# Phase II Model With Real Data
First attempt at a Phase II model, one which creases the master schedule and assigns students to courses simultaneously.

$S$ -- Set of all students

$C$ -- Set of all courses

$T$ -- Set of all periods {1,2,3,4,7,8} 

$I$ -- Set of all instructors

$R$ -- set of all rooms 

**Variables:**

$x_{i,j}$ for  $i \in S, j \in C$ -- Binary, 1 if student $i$ assigned to course $j$ 

$c_{j,t}$ for $j \in C, t \in T$ -- Binary, 1 if course $j$ to be offered in period $t$

$r_{j,s,t}$ for $j \in C$, $s \in R$ and $t \in T$ -- binary, describes if course $j$ to be held in room $s$ durring period $t$.

$u_{i,j,t}$ for $i \in S$, $j \in C$, $t \in T$ -- binary, used for constraint, no practical meaning.

** Parameters:**

$P_{i,j}$ -- Preference for student $i$ on course $j$

$S_i$ -- Seniority constant, e.g., higher for seniors

$D_{i,j}$ -- Binary, 1 if course $i$ and $j$ are in the same department, i.e., if they meet the same requirement, e.g., highschool math

$Ta_{i,j}$ -- Binary, 1 if teacher $i$ is teaching course $j$

$Cap_j$ -- Capacity of course $j$

$Min_j$ -- Minimum number of students needed for course $j$

$Db_j$ -- Indicates if course $j$ is a double period (1 or 0)


** Constraints: **

$\sum_{j} x_{i,j} =6 \quad \forall i \in S$ -- Says students can be assigned to six courses (full course load).

$ x_{i,j} \leq P_{i,j} \; \forall i \in S, j \in C$ -- Says students not assigned to courses they didn't preference. 


$x_{i,j} =\sum_{t} u_{i,j,t} \; \forall i \in S, j \in C$ -- Used to ensure $u$ takes correct value of $x$ and $c$

$c_{j,t} \geq u_{i,j,t} \; \forall i \in S, j \in C, t \in T$ -- This, in conjunction with the above are sufficient to say that no student is enrolled in more than one course per period. 
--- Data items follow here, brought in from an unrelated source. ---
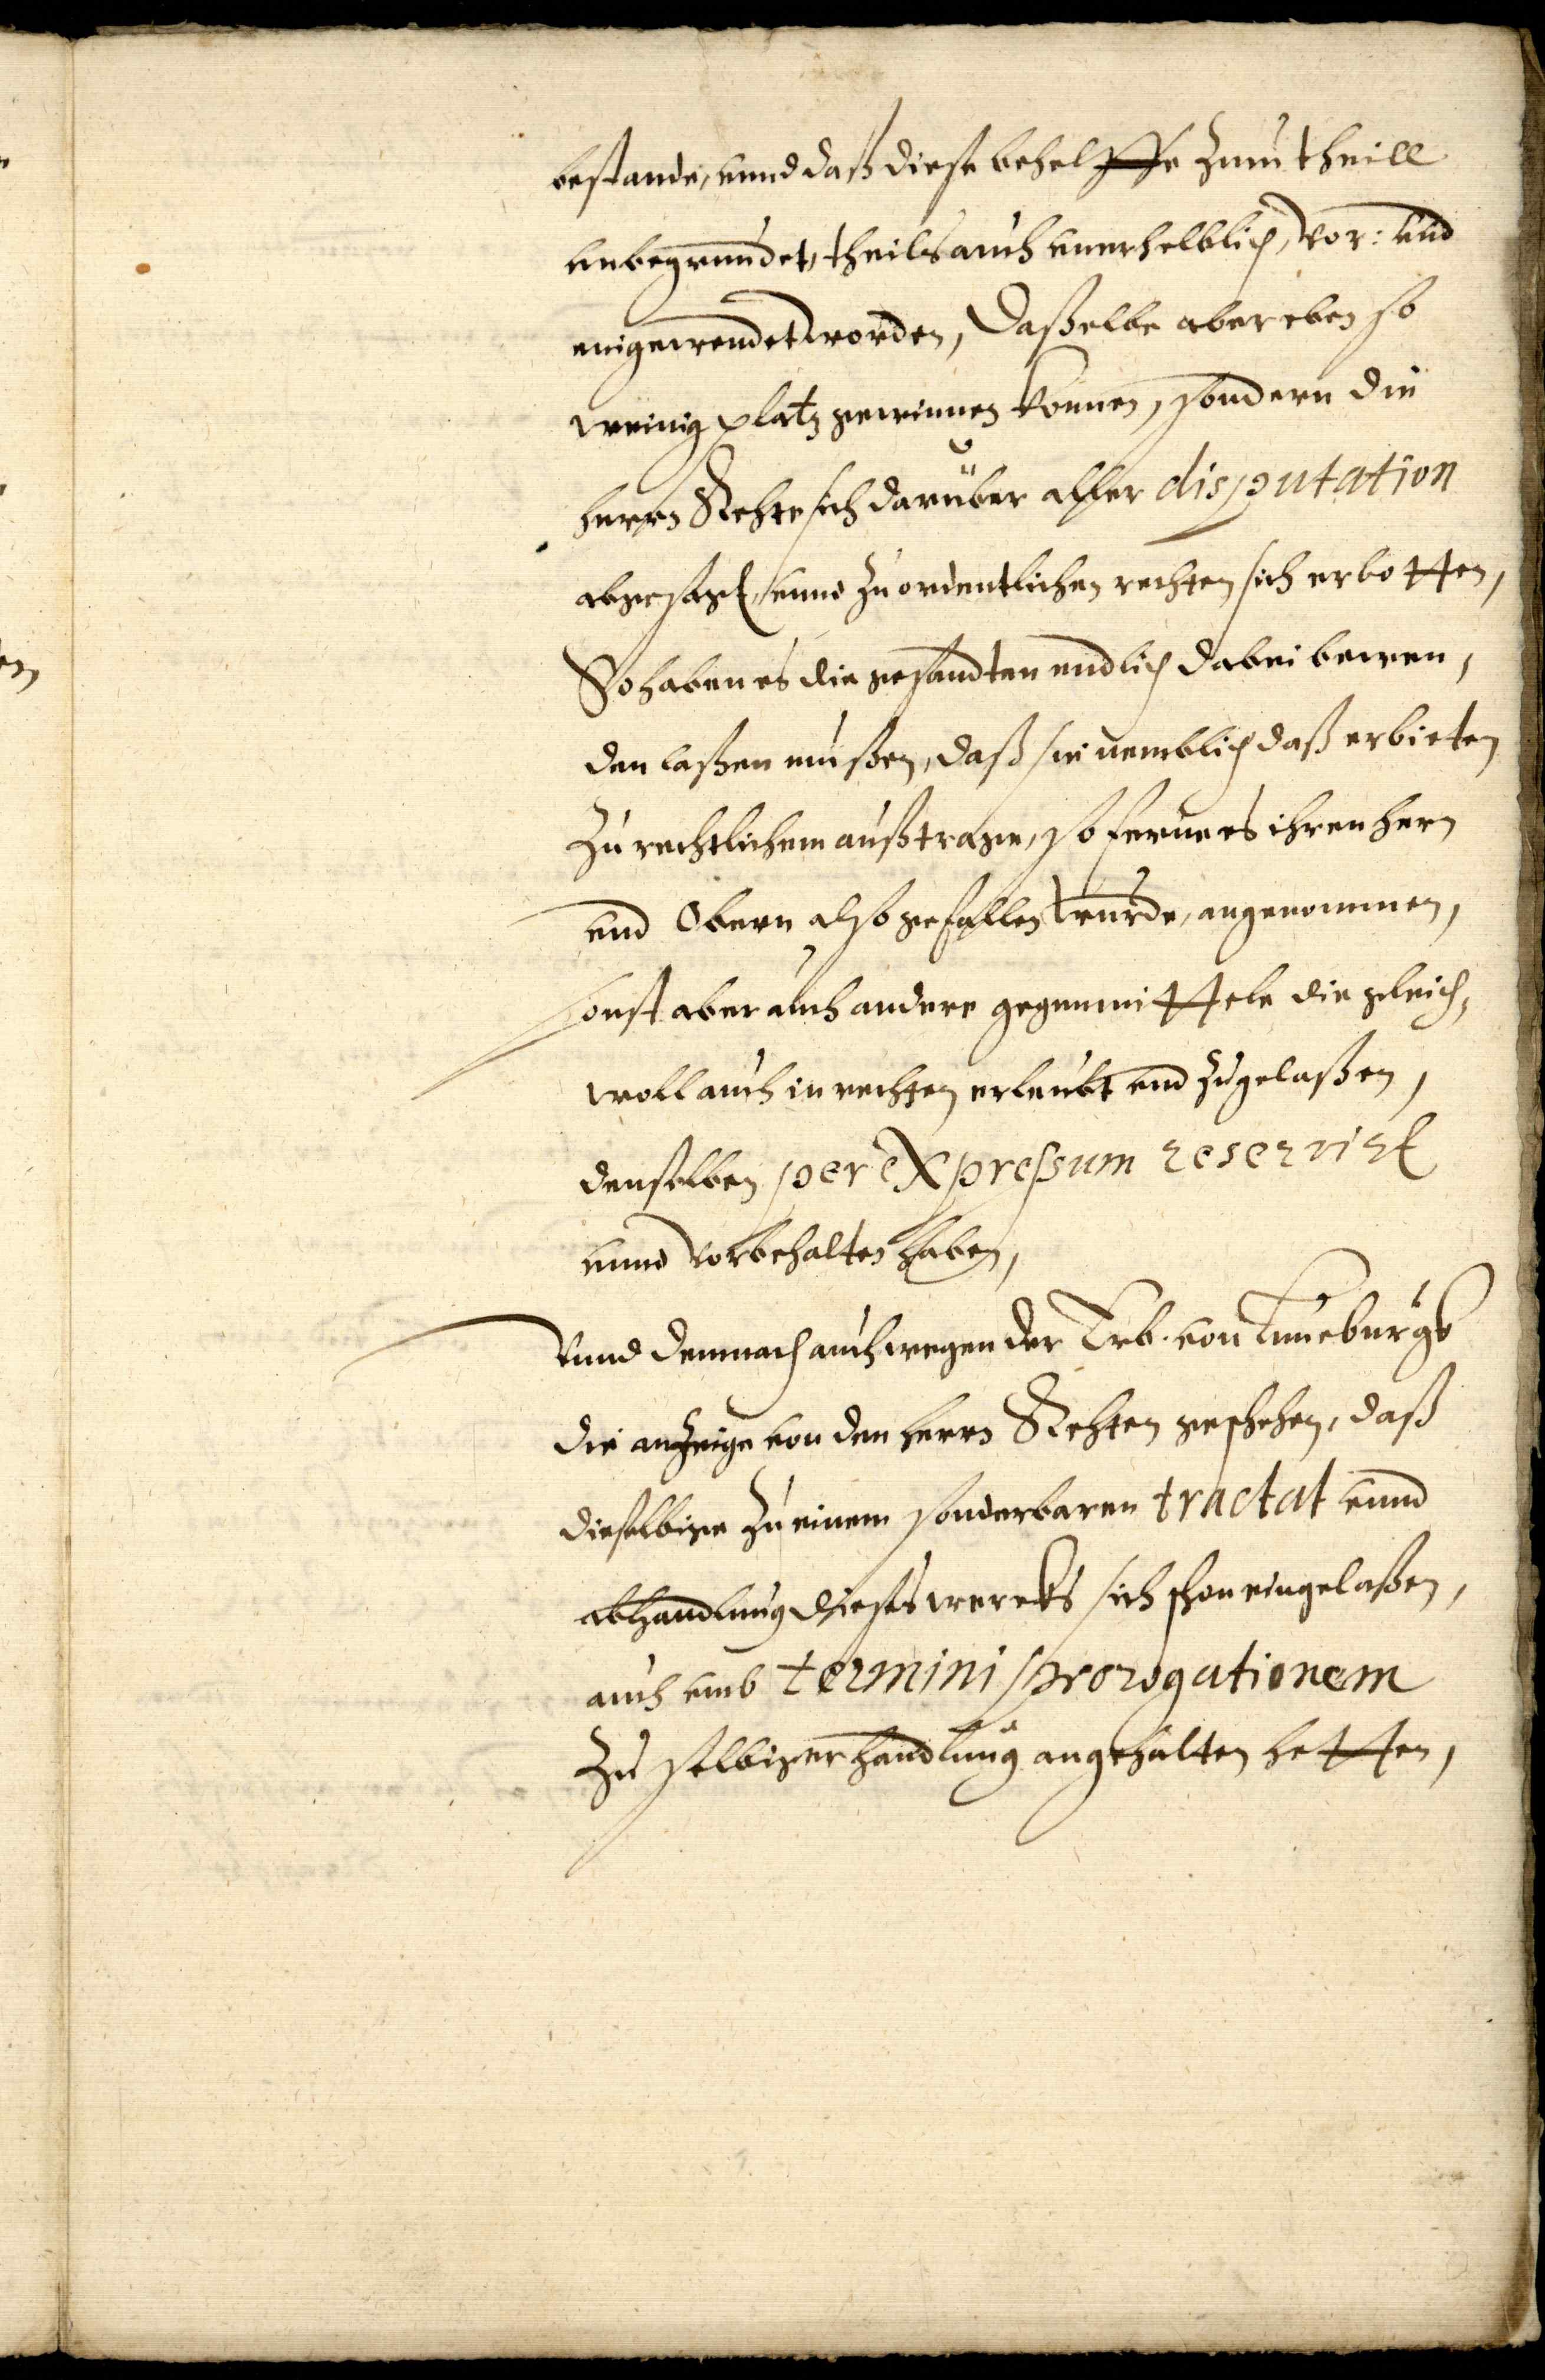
bestande, vnnd daß diese behelffe zum theill
vnbegrundet, theils auch vnerheblich, vor: vnd
eingewendet worden, Daßelbe aber eben so
weinig platz gewinnen konnen, sondern die
herrn Rehte sich darüber aller disputation
abgesagt, vnnd zu ordentlichen rechten sich erbotten,
So haben es die gesandten endlich dabei bewen¬
den laßen müßen, daß sie nemblich daß erbieten
Zu rechtlichem außtragen, so ferne es ihren hern
vnd Obern also gefallen wurde, angenommen,
sonst aber auch andere gegenmittele die gleich¬
woll auch in rechten erlaubt vnd zugelaßen,
denselben per expressum reservirt
vnnd vorbehalten haben,
vnnd demnach auch wegen der Erb. von Luneburgk
die anzeige von den herrn Rehten geschehen, daß
dieselbige zu einem sonderbaren tractat vnnd
abhandlung dieses wercks sich schon eingelaßen,
auch vmb termini prorogationem
Zu selbiger handlung angehalten hetten,

$ \text{lower bound}_{i,j} \leq \sum_{i \in C} D_{i,j}x_{k,i} \leq \text{upper bound}_{i,j} \; \forall k \in S, j \in C$ -- Says tha students take within a certain number of courses in the department, where the department is defined by the course $j$. ** new, but still likely unworkable department constraint--not in code **

$\sum_{t \in T} c_{j,t} = 1 \quad \forall j \in C$ -- Says that each course taught only once

$\sum_{i \in S} x_{i,j} \leq Cap_j \quad \forall j \in C$ -- Course capacity constraint

$\sum_{j \in C} c_{j,t} Ta_{k,j} \leq 1  \quad \forall k \in I, \forall t \in T$ -- Teacher constraint (a teacher can teach at most one course per period), where $Ta_{k,j}$ is a parameter, not a variable

*Double Period Constraints*---In terms of courses, we only add constraints if the parameter value $Db_j=1$, note, this *is* linear, as the parameter is not a variable: 
$c_{j,t} \leq c_{j+1, t+1} \; \forall j:Db_j =1$ -- cannot schedule the first half without also doing the second  
$c_{j,8} = 0, c_{j,4} = 0 \; \forall j:Db_j = 1$ -- cannot schedule the first half in the pre-lunch of last periods.  
$x_{i,j+1} \geq x_{i,j} \; \forall i \in S, j:Db_j = 1$ -- students must be enrolled in both parts of double. 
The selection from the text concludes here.